The code written for this article is on GitHub. The first part of the program is the main method which starts up Spray and Akka:
Line 1 creates an actor system which is public so that I can access it from elsewhere, since it is used to access the single execution context which I want to use throughout the program. (In code where maintainability is an issue I would write something so that this object could be injected into the relevant parts of the program.) Line 5 then uses the system to instantiate an actor which is used to handle all HTTP requests for purchase and sales orders. Lines 7-11 just set up configuration data for the server. Lines 12 and 13 are where we then take the configuration and our actor and tell Akka IO use them and the HTTP module to send all HTTP requests as messages to our actor from line 5. Lines 15-17 are where I effectively setup a timer task which fires every 5 seconds to output some statistics. The important part here is to notice that I am not using Java’s Timer to schedule the task since that just adds more unnecessary threads to my process. Instead I use the same execution context as Akka, so as few threads as possible are created.

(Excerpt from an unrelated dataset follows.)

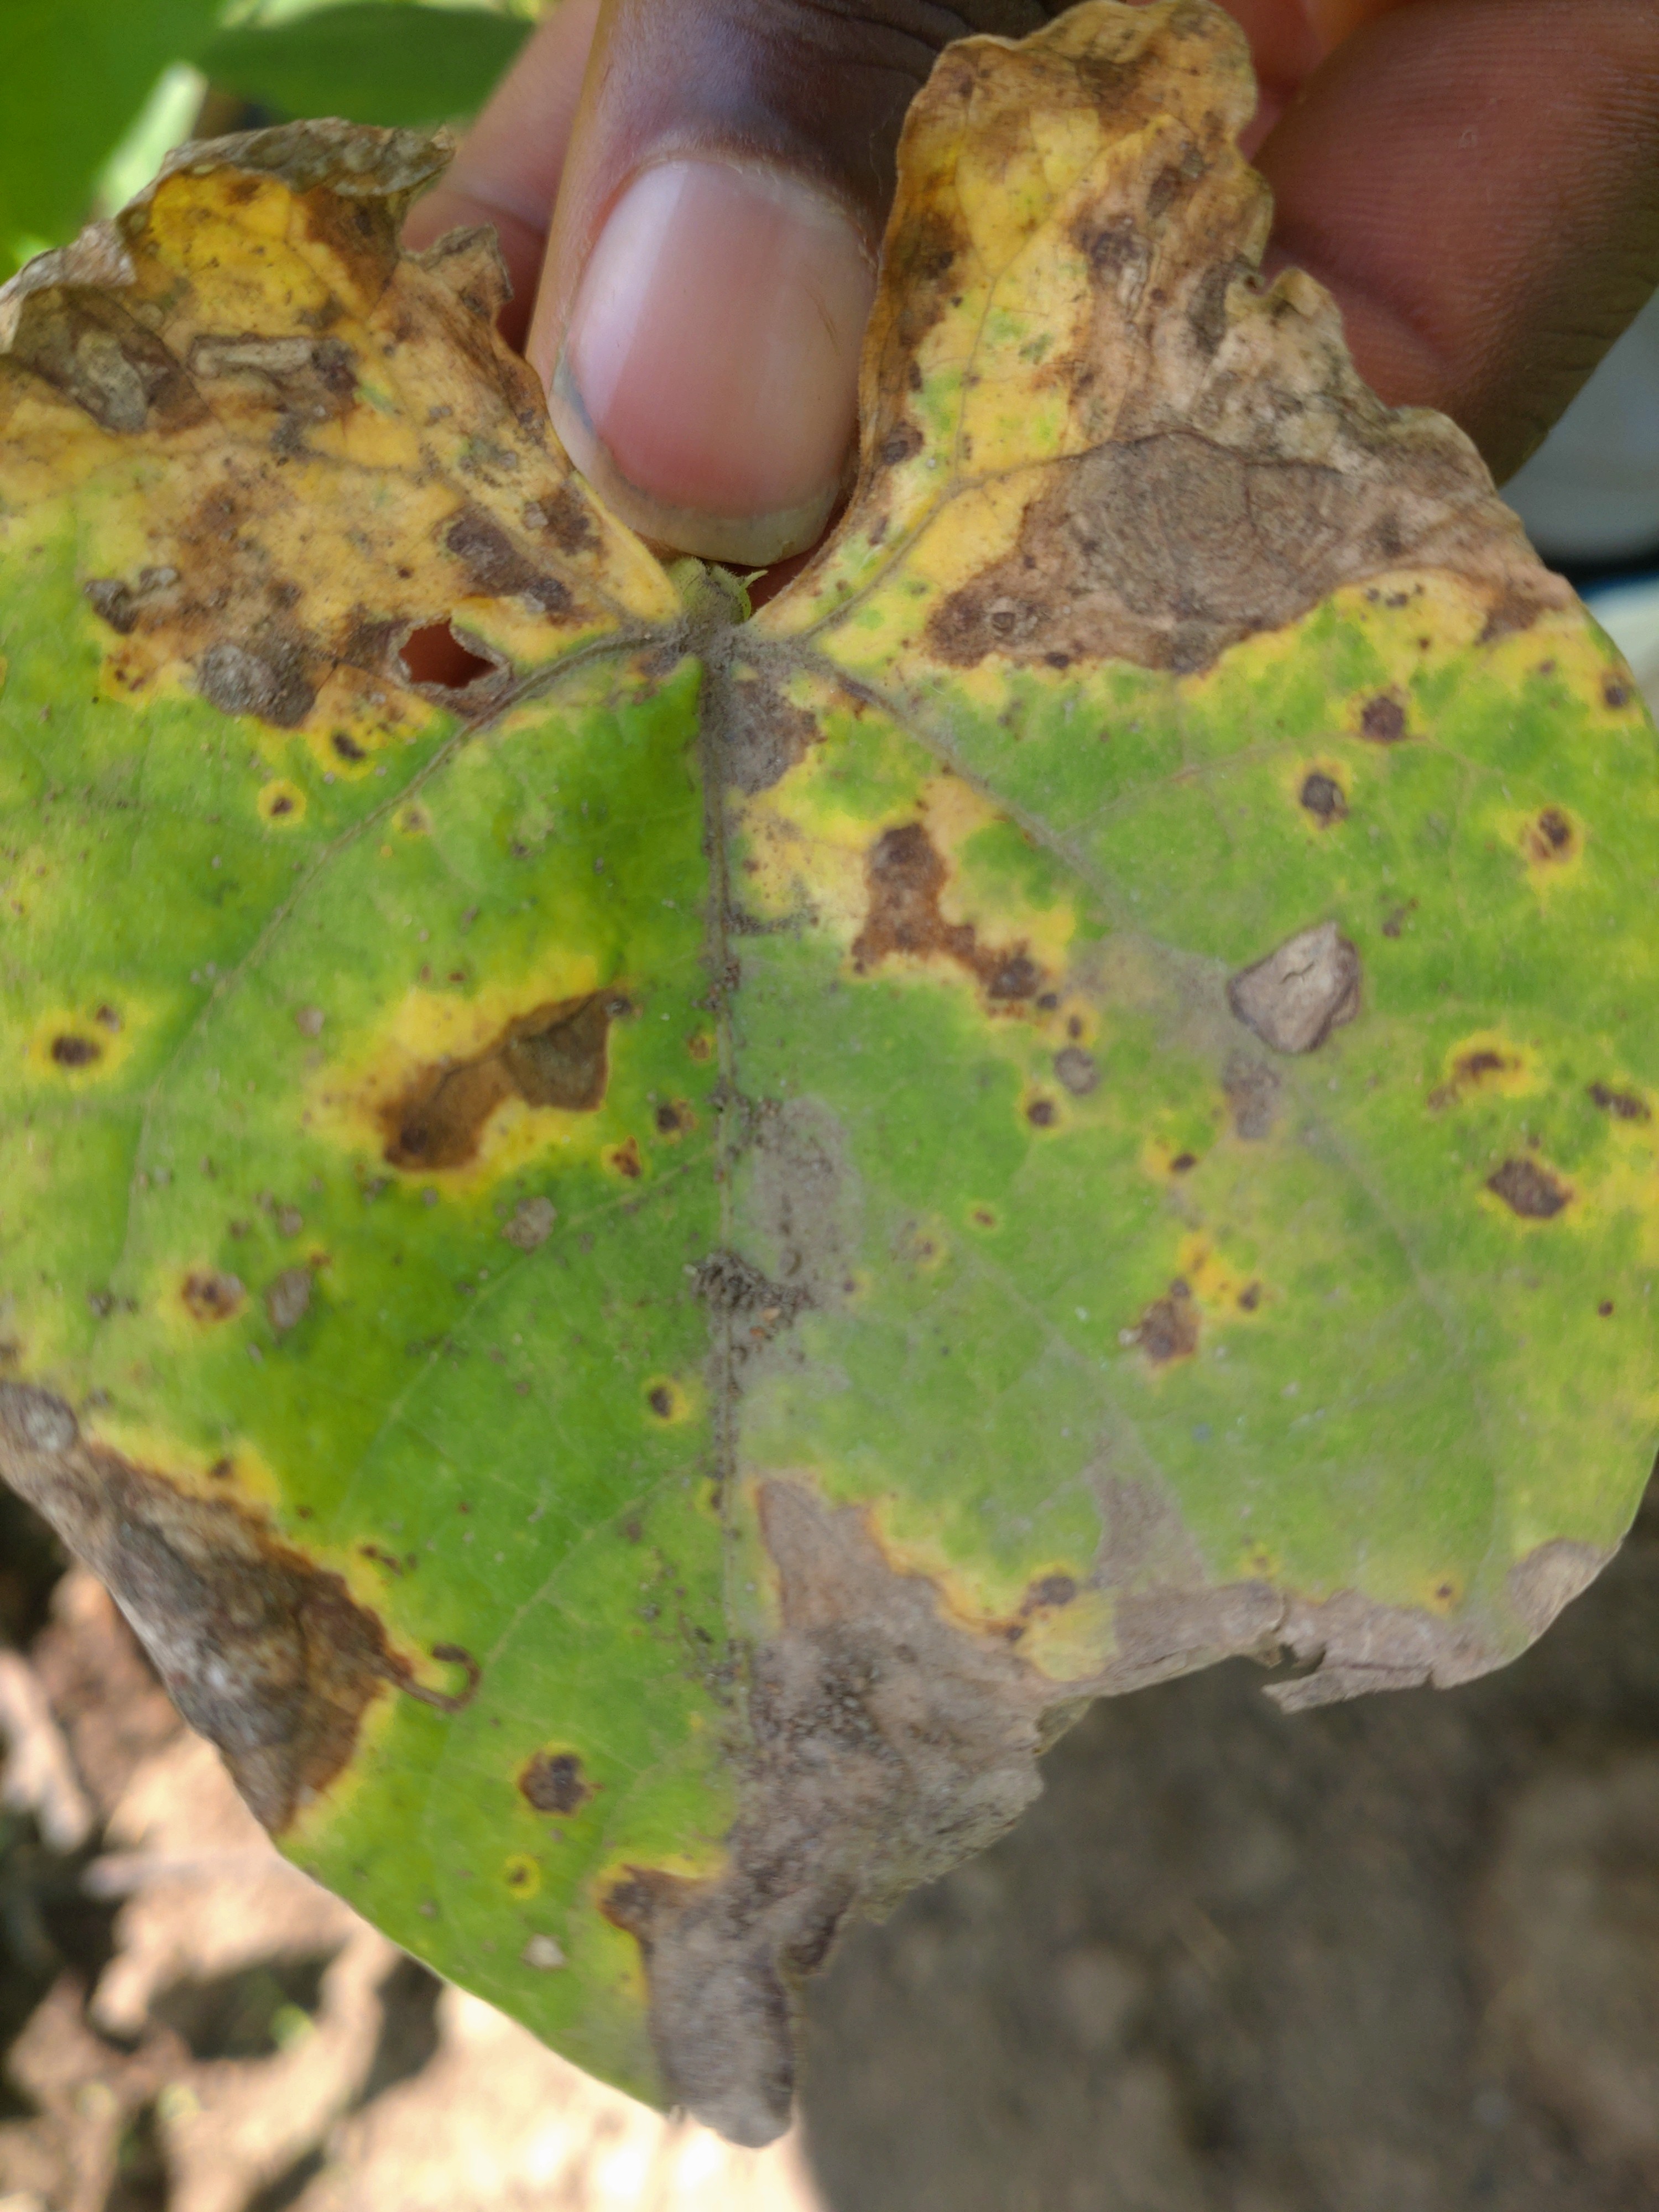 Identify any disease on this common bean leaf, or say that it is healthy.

rust

Next is the actor for handling the HTTP requests:
Line 3 shows an example of how integrating Scala in a Java program can be ugly, but how you can sometimes hide away those ugly parts by adding your own abstractions. The HTTP actor which responds to HTTP requests has 3 jobs. The first job, on line 6, is where it creates a router which I shall describe below, and which it can use to delegate work to. The second job is to handle all new connections on lines 24-25 which tells Spray that this actor will also handle the actual requests and not only the connections. The third job this actor has is shown on lines 9-18 where the actor takes an HTTP request and delegates (routes) some work to another actor in the system.
This actor knows the HTTP model but the HTTP abstraction doesn’t leak into the next layer of the system. Instead, the actor passes domain objects (or value objects or case classes or similar) onto the actors which encapsulate the trading engines. The construction of such a domain objects can be seen on lines 15 and 16, using data extracted from the HTTP request, e.g. on line 13, or out of say a JSON object in the request body. Spray contains useful directives which can help you extract the data from the request, and abstract a little away from HTTP, if that is what you want. Which domain object to construct depend on the REST-like interface which I have built and is handled on lines 9, 12 and 19. Had I used Scala, I could have written more elegant code using pattern matching on the HttpRequest object. The domain object is passed onto the trading engine by getting the router from line 6 to route the domain object to a suitable actor, on line 17. Last, but not least, line 18 is where the sales order request is acknowledged in an HTTP response which passes a JSON object back to the consumer, together with the unique ID assigned to the order, so that its status can be queried later (it gets persisted into the sales objects).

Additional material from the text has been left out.